Data for analysis.

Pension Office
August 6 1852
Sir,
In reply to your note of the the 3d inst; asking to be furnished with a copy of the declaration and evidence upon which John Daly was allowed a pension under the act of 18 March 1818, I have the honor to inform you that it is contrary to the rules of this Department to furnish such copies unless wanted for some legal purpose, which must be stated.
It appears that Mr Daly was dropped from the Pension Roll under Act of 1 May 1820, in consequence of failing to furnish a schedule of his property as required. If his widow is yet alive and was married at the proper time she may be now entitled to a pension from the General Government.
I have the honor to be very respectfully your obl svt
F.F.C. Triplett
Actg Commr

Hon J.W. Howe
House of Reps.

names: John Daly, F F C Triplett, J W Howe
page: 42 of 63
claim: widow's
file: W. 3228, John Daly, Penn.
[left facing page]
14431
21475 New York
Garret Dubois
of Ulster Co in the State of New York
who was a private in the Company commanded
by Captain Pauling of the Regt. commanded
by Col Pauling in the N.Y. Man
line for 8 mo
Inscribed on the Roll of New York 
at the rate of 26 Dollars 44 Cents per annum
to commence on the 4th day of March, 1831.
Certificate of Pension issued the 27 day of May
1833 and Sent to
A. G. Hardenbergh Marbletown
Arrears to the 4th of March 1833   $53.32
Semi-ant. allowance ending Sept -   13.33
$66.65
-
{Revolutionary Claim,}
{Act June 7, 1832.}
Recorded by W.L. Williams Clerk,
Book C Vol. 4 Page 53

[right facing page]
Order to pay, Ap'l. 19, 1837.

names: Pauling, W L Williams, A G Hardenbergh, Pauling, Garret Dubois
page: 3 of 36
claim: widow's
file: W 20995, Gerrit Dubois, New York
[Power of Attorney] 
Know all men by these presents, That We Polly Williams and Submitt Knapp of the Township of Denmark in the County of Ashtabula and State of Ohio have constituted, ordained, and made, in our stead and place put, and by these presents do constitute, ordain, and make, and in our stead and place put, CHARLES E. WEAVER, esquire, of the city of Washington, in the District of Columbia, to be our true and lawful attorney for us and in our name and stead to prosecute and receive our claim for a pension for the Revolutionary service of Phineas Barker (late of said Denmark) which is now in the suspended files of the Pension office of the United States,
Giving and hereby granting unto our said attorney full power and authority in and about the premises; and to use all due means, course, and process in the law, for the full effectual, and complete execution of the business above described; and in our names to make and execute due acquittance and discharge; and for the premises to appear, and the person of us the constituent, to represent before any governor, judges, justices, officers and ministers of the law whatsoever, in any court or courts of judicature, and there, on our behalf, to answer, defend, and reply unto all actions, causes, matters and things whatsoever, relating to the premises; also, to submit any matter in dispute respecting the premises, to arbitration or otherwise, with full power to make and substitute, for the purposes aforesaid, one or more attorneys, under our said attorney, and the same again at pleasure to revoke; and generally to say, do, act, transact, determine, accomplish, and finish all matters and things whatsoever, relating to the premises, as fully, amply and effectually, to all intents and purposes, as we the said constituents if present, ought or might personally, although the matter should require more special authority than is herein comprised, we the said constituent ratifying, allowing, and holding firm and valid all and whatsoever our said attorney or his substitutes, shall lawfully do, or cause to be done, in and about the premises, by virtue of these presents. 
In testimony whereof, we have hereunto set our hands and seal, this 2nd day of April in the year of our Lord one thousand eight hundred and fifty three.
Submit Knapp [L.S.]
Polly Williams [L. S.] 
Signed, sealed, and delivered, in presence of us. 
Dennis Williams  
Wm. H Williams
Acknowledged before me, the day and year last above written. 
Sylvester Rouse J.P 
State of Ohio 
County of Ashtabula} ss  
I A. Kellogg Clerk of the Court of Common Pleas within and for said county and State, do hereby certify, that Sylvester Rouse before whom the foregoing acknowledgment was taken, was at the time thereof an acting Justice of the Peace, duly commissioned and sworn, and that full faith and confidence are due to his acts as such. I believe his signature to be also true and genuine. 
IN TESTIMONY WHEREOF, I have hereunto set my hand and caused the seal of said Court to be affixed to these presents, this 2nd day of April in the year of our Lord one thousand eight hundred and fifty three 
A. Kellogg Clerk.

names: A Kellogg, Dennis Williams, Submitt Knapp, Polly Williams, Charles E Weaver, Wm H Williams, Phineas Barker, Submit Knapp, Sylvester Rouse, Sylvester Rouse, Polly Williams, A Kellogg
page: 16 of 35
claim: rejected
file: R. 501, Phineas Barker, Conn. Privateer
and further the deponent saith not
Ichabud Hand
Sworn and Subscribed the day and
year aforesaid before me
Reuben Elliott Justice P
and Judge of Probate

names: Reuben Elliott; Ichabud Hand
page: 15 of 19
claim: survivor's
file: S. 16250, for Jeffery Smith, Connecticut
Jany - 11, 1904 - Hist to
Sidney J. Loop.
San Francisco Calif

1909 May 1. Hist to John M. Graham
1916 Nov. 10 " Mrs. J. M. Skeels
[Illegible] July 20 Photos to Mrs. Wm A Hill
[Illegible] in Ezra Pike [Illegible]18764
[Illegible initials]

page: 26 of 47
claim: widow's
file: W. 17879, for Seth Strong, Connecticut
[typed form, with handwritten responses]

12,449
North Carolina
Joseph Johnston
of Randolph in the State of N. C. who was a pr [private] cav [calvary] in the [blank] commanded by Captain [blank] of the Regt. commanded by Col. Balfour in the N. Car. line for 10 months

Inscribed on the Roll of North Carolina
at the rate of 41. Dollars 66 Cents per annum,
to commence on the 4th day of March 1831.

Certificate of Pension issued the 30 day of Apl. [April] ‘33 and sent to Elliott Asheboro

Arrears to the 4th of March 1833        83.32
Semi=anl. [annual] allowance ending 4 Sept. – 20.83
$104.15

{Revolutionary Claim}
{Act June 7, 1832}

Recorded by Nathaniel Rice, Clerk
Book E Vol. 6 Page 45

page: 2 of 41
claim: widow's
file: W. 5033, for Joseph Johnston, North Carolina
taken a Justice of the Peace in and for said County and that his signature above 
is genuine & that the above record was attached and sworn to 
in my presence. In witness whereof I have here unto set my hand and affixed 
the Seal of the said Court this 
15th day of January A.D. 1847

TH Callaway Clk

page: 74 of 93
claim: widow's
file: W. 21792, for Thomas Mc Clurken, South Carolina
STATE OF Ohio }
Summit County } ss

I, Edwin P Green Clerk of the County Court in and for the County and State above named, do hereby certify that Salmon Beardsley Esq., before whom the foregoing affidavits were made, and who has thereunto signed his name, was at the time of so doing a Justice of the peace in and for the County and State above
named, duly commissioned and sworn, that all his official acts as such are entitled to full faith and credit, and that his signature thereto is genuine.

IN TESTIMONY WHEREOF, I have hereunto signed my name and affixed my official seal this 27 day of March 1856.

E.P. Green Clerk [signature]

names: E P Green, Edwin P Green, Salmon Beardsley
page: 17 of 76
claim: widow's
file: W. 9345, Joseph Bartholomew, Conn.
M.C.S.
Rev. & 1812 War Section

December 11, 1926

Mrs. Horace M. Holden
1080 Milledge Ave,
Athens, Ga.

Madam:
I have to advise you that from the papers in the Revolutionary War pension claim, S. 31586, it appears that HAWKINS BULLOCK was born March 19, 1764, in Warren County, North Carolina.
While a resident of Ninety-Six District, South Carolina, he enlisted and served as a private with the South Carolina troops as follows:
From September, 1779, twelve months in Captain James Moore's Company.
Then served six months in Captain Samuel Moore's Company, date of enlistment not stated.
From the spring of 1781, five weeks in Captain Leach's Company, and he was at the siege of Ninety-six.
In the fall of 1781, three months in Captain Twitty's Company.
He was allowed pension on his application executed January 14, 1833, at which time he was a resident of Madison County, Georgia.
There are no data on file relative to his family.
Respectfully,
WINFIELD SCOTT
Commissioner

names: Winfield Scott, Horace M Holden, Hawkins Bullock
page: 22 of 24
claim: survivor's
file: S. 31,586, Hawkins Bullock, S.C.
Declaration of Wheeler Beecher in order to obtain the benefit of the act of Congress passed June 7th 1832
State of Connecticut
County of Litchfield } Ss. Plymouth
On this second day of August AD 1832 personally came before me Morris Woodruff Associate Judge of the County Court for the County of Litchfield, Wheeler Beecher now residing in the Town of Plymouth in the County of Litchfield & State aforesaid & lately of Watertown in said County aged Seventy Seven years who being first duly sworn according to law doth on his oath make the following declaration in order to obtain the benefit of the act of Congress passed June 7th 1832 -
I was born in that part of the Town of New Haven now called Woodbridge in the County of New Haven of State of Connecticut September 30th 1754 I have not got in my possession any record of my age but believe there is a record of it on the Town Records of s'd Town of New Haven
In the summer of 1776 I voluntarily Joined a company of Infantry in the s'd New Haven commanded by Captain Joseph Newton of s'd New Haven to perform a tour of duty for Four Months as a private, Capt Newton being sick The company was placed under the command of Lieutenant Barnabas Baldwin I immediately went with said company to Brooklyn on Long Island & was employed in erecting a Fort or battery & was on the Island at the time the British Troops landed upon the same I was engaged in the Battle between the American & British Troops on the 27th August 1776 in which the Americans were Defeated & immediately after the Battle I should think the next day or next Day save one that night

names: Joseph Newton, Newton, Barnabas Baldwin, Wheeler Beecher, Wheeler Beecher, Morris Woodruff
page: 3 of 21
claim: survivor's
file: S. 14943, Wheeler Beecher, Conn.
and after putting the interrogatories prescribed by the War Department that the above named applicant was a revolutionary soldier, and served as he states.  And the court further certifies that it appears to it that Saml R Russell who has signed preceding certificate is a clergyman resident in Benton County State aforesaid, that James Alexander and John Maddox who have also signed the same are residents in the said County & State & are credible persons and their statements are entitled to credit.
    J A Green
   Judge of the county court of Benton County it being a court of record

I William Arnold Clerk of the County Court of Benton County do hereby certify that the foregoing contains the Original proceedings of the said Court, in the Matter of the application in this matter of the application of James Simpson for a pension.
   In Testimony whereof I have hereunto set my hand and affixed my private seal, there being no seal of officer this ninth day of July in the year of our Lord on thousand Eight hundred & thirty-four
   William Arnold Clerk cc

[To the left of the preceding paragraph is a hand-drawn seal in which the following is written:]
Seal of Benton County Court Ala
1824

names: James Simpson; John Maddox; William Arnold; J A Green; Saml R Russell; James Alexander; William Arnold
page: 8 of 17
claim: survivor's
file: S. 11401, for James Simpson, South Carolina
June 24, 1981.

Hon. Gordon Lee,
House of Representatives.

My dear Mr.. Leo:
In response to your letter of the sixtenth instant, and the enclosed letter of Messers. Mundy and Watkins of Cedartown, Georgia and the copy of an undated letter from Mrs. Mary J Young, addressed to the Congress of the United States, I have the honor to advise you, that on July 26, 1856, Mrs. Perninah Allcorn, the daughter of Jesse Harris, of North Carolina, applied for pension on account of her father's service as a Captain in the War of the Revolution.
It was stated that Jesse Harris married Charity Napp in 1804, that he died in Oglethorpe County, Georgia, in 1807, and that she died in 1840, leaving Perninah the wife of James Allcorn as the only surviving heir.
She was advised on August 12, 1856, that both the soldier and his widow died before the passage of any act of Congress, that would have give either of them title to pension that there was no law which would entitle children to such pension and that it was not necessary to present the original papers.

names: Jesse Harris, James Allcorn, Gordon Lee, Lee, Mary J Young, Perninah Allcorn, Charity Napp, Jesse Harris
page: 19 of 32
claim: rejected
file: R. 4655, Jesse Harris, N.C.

Task instructions. Word for word, restate the lines of the data above that fall between the line holding "[Illegible] July 20 Photos to Mrs. Wm A Hill" and the line holding "named, duly commissioned", inclusive, and no other lines.

Result of the exercise.
[Illegible] July 20 Photos to Mrs. Wm A Hill
[Illegible] in Ezra Pike [Illegible]18764
[Illegible initials]

page: 26 of 47
claim: widow's
file: W. 17879, for Seth Strong, Connecticut
[typed form, with handwritten responses]

12,449
North Carolina
Joseph Johnston
of Randolph in the State of N. C. who was a pr [private] cav [calvary] in the [blank] commanded by Captain [blank] of the Regt. commanded by Col. Balfour in the N. Car. line for 10 months

Inscribed on the Roll of North Carolina
at the rate of 41. Dollars 66 Cents per annum,
to commence on the 4th day of March 1831.

Certificate of Pension issued the 30 day of Apl. [April] ‘33 and sent to Elliott Asheboro

Arrears to the 4th of March 1833        83.32
Semi=anl. [annual] allowance ending 4 Sept. – 20.83
$104.15

{Revolutionary Claim}
{Act June 7, 1832}

Recorded by Nathaniel Rice, Clerk
Book E Vol. 6 Page 45

page: 2 of 41
claim: widow's
file: W. 5033, for Joseph Johnston, North Carolina
taken a Justice of the Peace in and for said County and that his signature above 
is genuine & that the above record was attached and sworn to 
in my presence. In witness whereof I have here unto set my hand and affixed 
the Seal of the said Court this 
15th day of January A.D. 1847

TH Callaway Clk

page: 74 of 93
claim: widow's
file: W. 21792, for Thomas Mc Clurken, South Carolina
STATE OF Ohio }
Summit County } ss

I, Edwin P Green Clerk of the County Court in and for the County and State above named, do hereby certify that Salmon Beardsley Esq., before whom the foregoing affidavits were made, and who has thereunto signed his name, was at the time of so doing a Justice of the peace in and for the County and State above
named, duly commissioned and sworn, that all his official acts as such are entitled to full faith and credit, and that his signature thereto is genuine.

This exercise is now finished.